The worst ramifications of this defeat may not survive the new year but Gordon may have sustained a crippling hit:
i) he has lost, temporarily at least his reputation for strength which so boosted his ratings compared with Cameron.
ii) Cameron has leapt in with confident sounding certainties. They are based mostly on supposition of course but every opposition has to have ready and waiting to unroll and he has done so adroitly.
iii) Brown has lost his reputation for being decisive and for getting things right.
iv) He tried to blame his advisers- Balls and Miliband were the most gung ho for the plan- but everyone knows he deliberately let talk of an election continue until it seemed imminent. It was his call and he must take the blame he could not bring himself to admit to Andrew Marr this morning.
v) Having declined to fight George Robertson in 1978, to stand for the party leadership in 1992 and take on Blair in 1994, Brown's reputation for 'bottling it' has been possibly sealed for ever.

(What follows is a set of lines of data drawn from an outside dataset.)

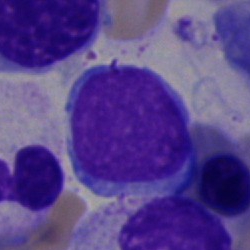

The cell type is typical lymphocyte.
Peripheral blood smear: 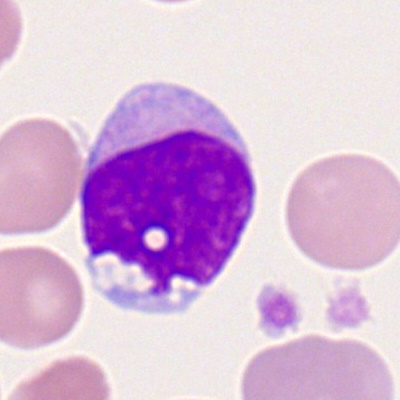 Single cell identified as a myeloid blast.
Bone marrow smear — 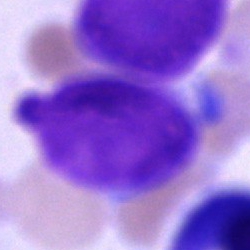 Specimen: bone marrow smear.
Cell: artifact.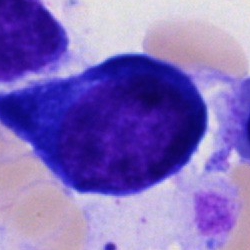A pronormoblast on a bone marrow smear.
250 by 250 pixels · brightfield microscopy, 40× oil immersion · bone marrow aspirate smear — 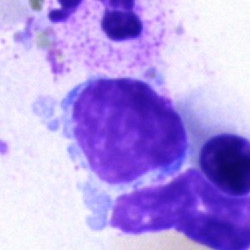

Typical lymphocyte.
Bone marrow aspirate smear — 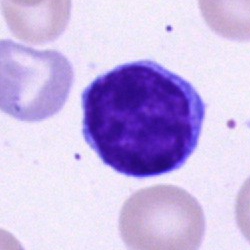 Cell: lymphocyte.
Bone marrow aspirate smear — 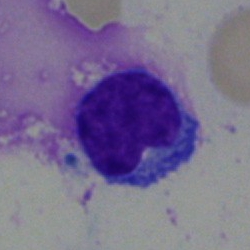Morphology — typical lymphocyte.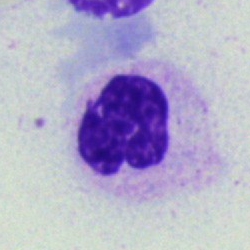Showing a polymorphonuclear neutrophil.
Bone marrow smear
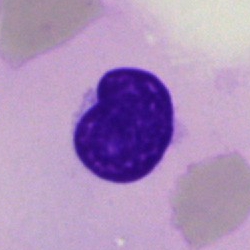Q: What is shown here?
A: It is an artefact.
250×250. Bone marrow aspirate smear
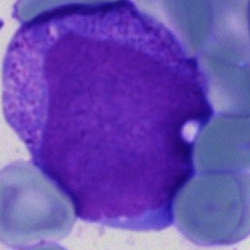Single cell identified as a blast.
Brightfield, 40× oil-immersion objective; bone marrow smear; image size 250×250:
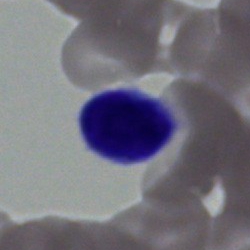The cell shown is a lymphocyte.
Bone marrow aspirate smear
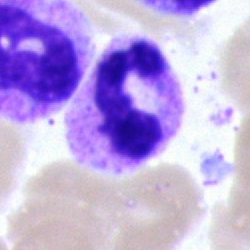Cell type: segmented neutrophil.
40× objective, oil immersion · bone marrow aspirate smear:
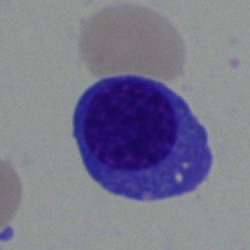

Q: What cell is this?
A: Normoblast.
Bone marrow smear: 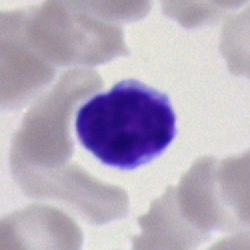Showing a lymphocyte.
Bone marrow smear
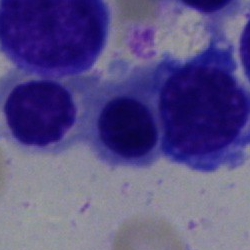
Showing a nucleated red cell.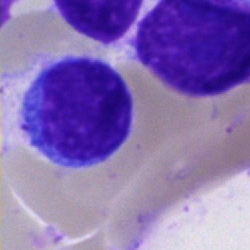
Typical lymphocyte.
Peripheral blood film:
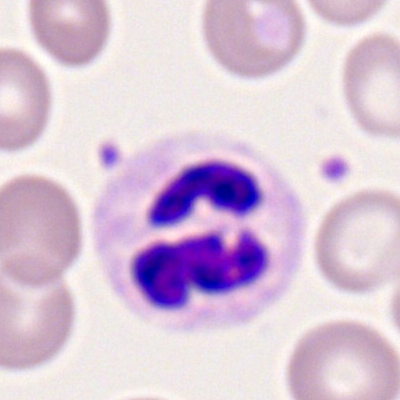 {"cell_type": "polymorphonuclear neutrophil"}
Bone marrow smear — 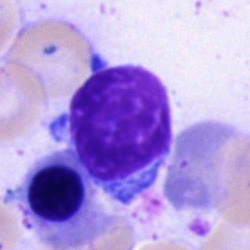Cell: lymphocyte.
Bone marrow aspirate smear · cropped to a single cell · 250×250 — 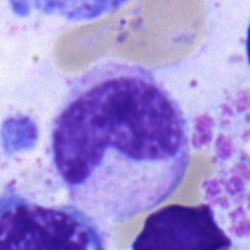
Cell — metamyelocyte.
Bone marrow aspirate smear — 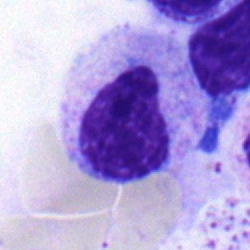 Q: What is shown here?
A: Myelocyte.
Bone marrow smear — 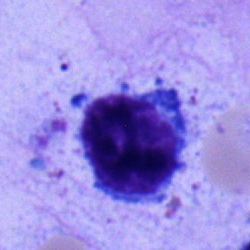A typical lymphocyte.
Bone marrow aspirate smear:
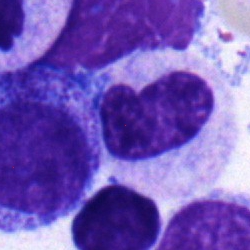Classification = metamyelocyte.
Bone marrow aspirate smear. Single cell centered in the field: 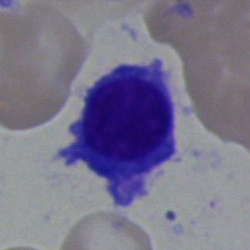Cell: plasma cell.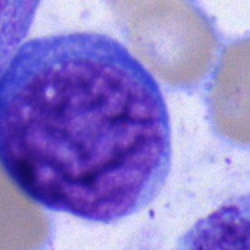

Impression — undifferentiated blast.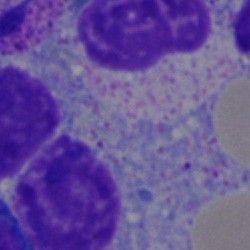
Artifact.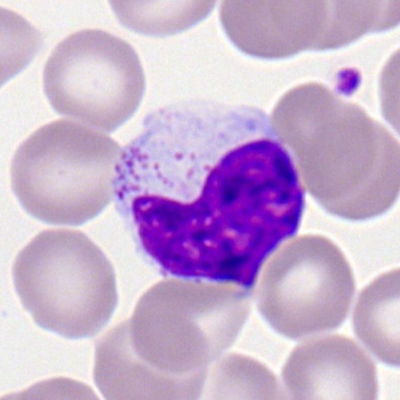{"cell_type": "typical lymphocyte", "lineage": "lymphoid"}
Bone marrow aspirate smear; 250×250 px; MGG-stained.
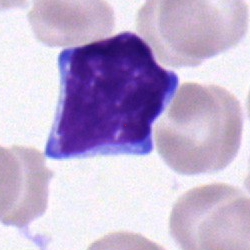Morphological class = lymphocyte.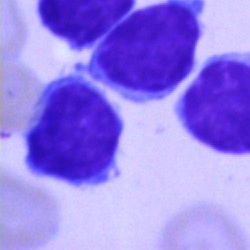 Cell — lymphocyte.

v) the next election is nor definitely off for spring 2008 and we must wait for the long haul in 2009, or even later if, as we are told is likely to happen, things go pear-shaped with the economy.

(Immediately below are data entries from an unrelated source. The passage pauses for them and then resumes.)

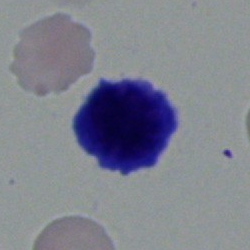
Classification — erythroblast.
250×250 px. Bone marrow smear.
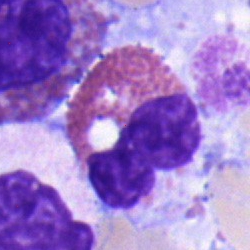

Impression — eosinophil.
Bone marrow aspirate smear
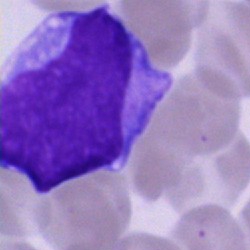

Classification: blast.
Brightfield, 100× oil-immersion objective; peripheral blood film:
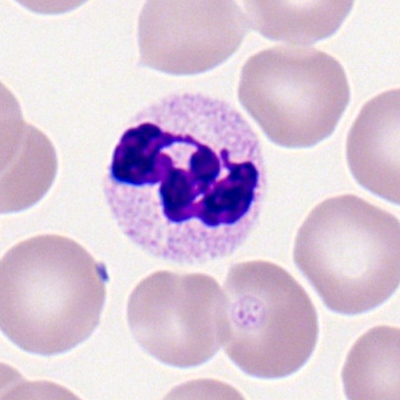 Morphology consistent with a polymorphonuclear neutrophil.
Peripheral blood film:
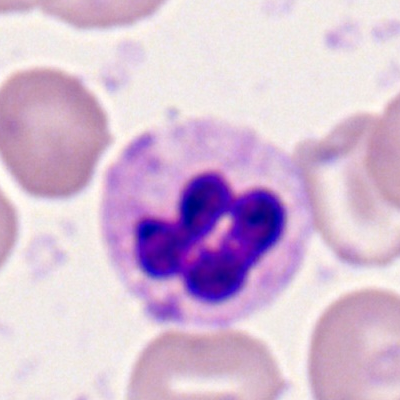Q: Which cell type is shown here?
A: It is a segmented neutrophil.
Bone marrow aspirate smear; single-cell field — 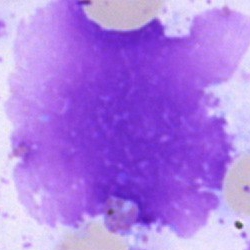An artefact.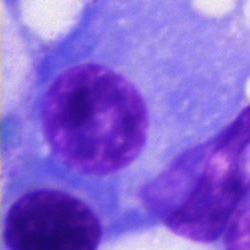 Morphological class: plasmacyte.
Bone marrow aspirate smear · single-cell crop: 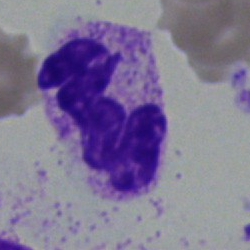

Specimen: bone marrow smear.
Classification: segmented neutrophil.
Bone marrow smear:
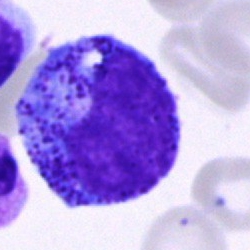Q: What cell is this?
A: It is a progranulocyte.
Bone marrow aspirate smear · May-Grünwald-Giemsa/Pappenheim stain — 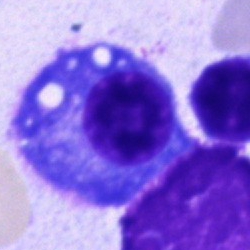Q: What is shown here?
A: Plasmacyte.
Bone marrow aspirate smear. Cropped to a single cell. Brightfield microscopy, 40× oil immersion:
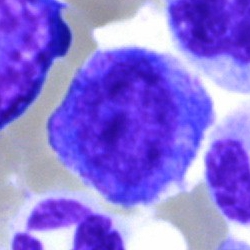

Classification = progranulocyte.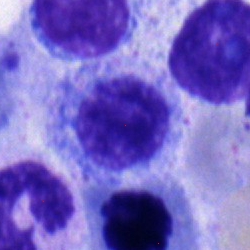Cell type = myelocyte.
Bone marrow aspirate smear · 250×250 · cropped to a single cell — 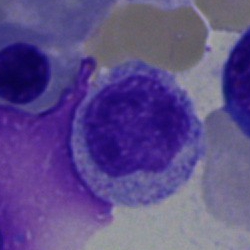 This is a myelocyte.
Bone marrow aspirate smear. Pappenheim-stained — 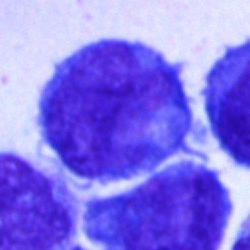 Cell type = undifferentiated blast.

vi)The Tories already have posted leads in a number of newspapers, much to the glee of the right-wing press. It'll be while before they change and will help Cameron immensely as he ploughs his 'liberal Tory' furrow.
vii)instead of 'finishing off' Cameron's project, he has reinvigorated it mightily and handed the political initiative to the Opposition until such uncertain time it can be wrested back.
These are not the actions of a leader.